#### [Problem details]
Read the records below and report each line in which "旧JIS" occurs.

#### [Records for the exercise]
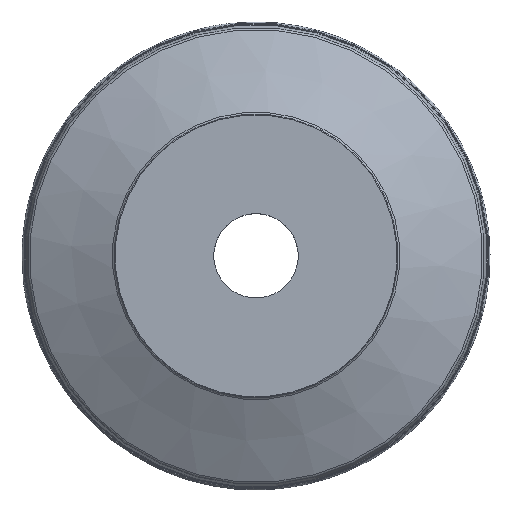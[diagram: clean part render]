
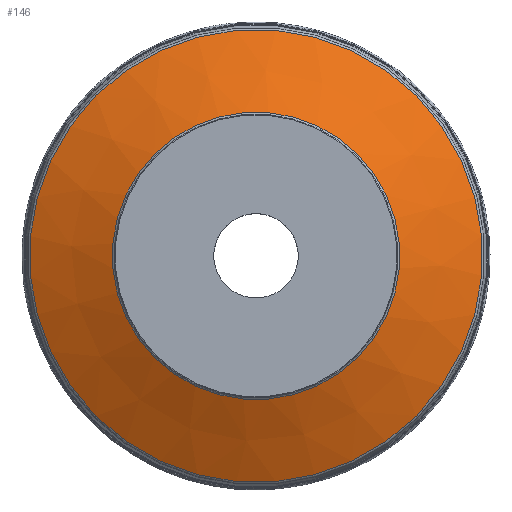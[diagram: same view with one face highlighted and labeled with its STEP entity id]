
A CAD part, top view. The second image highlights one B-rep face of the part: STEP entity #146.
In plain terms, the highlighted conical face has half-angle 63.964 degrees and reference radius 128.62 mm.
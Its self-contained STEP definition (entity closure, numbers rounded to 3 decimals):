
#108=CONICAL_SURFACE('',#786,128.62,63.964);
#146=ADVANCED_FACE('CN_SU3',(#212,#213),#108,.T.);
#212=FACE_BOUND('',#287,.T.);
#213=FACE_BOUND('',#288,.T.);
#287=EDGE_LOOP('',(#365));
#288=EDGE_LOOP('',(#366));
#365=ORIENTED_EDGE('',*,*,#470,.T.);
#366=ORIENTED_EDGE('',*,*,#471,.T.);
#430=VERTEX_POINT('',#1136);
#431=VERTEX_POINT('',#1138);
#470=EDGE_CURVE('',#430,#430,#509,.T.);
#471=EDGE_CURVE('',#431,#431,#510,.T.);
#509=CIRCLE('',#784,127.825);
#510=CIRCLE('',#785,81.122);
#784=AXIS2_PLACEMENT_3D('',#1135,#942,#943);
#785=AXIS2_PLACEMENT_3D('',#1137,#944,#945);
#786=AXIS2_PLACEMENT_3D('',#1139,#946,#947);
#942=DIRECTION('',(0.,0.,1.));
#943=DIRECTION('',(0.966,0.259,0.));
#944=DIRECTION('',(0.,0.,-1.));
#945=DIRECTION('',(-0.966,-0.259,0.));
#946=DIRECTION('',(0.,0.,-1.));
#947=DIRECTION('',(-0.966,-0.259,0.));
#1135=CARTESIAN_POINT('',(0.,0.,
-39.612));
#1136=CARTESIAN_POINT('',(123.47,33.084,-39.612));
#1137=CARTESIAN_POINT('',(0.,0.,-16.797));
#1138=CARTESIAN_POINT('',(-78.358,-20.996,-16.797));
#1139=CARTESIAN_POINT('',(0.,0.,
-40.));
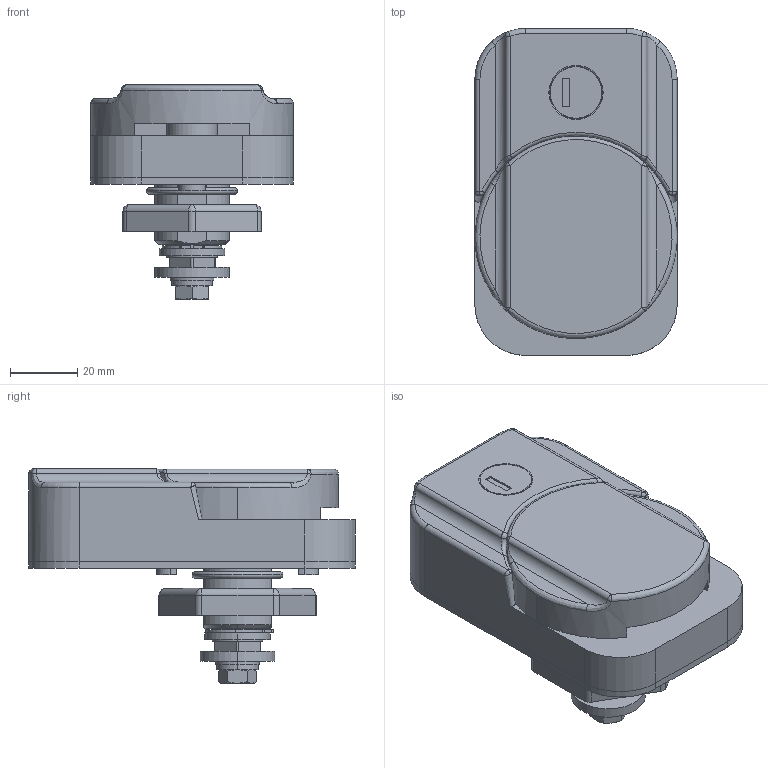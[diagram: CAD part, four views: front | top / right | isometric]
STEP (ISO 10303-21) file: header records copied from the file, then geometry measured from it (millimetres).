
FILE_DESCRIPTION (( 'STEP AP203' ), '1' );
FILE_NAME ('A-1372-F-1-TAK60.STEP', '2019-11-06T00:30:15', ( '' ), ( '' ), 'SwSTEP 2.0', 'SolidWorks 2014', '' );
FILE_SCHEMA (( 'CONFIG_CONTROL_DESIGN' ));
Length unit declared in the file: millimetre
Products named in the file (11): A-1372-F-1-TAK60_リングワッシャー_; A-1372-F-1-TAK60_ボデー_; A-1372-F-1-TAK60_六角ボルト_内径基準ver1.03__M6x14十字穴付六角ボルト(SUS)ダブルセムス(P3)旧JIS; A-1372-F-1-TAK60_パッキン_; A-1372-F-1-TAK60_角穴ワッシャー_; A-1372-F-1-TAK60_カバー_; A-1372-F-1-TAK60_ダミーローター__#TAK60-4-2_; A-1372-F-1-TAK60_六角ナット_; A-1372-F-1-TAK60_丸穴ワッシャー_; A-1372-F-1-TAK60_C型止め輪_; A-1372-F-1-TAK60
Assembly tree (10 placements, depth 2):
  A-1372-F-1-TAK60
    A-1372-F-1-TAK60_ボデー_
    A-1372-F-1-TAK60_カバー_
    A-1372-F-1-TAK60_C型止め輪_
    A-1372-F-1-TAK60_パッキン_
    A-1372-F-1-TAK60_六角ナット_
    A-1372-F-1-TAK60_リングワッシャー_
    A-1372-F-1-TAK60_角穴ワッシャー_
    A-1372-F-1-TAK60_丸穴ワッシャー_
    A-1372-F-1-TAK60_六角ボルト_内径基準ver1.03__M6x14十字穴付六角ボルト(SUS)ダブルセムス(P3)旧JIS
    A-1372-F-1-TAK60_ダミーローター__#TAK60-4-2_
Bounding box: 60 x 97 x 63.6 mm (x, y, z)
Volume: 140974.2 mm3; surface area: 55575 mm2
Topology: 10 solids, 10 shells, 372 faces, 892 edges, 558 vertices
Faces by surface type: plane 148, cylinder 147, cone 32, bspline 22, torus 13, sphere 10
Entity records: 13410 total; most frequent: CARTESIAN_POINT 3615, DIRECTION 1856, ORIENTED_EDGE 1760, EDGE_CURVE 880, AXIS2_PLACEMENT_3D 709, VERTEX_POINT 556, VECTOR 438, LINE 438

#### [Task answer]
Products named in the file (11): A-1372-F-1-TAK60_リングワッシャー_; A-1372-F-1-TAK60_ボデー_; A-1372-F-1-TAK60_六角ボルト_内径基準ver1.03__M6x14十字穴付六角ボルト(SUS)ダブルセムス(P3)旧JIS; A-1372-F-1-TAK60_パッキン_; A-1372-F-1-TAK60_角穴ワッシャー_; A-1372-F-1-TAK60_カバー_; A-1372-F-1-TAK60_ダミーローター__#TAK60-4-2_; A-1372-F-1-TAK60_六角ナット_; A-1372-F-1-TAK60_丸穴ワッシャー_; A-1372-F-1-TAK60_C型止め輪_; A-1372-F-1-TAK60
    A-1372-F-1-TAK60_六角ボルト_内径基準ver1.03__M6x14十字穴付六角ボルト(SUS)ダブルセムス(P3)旧JIS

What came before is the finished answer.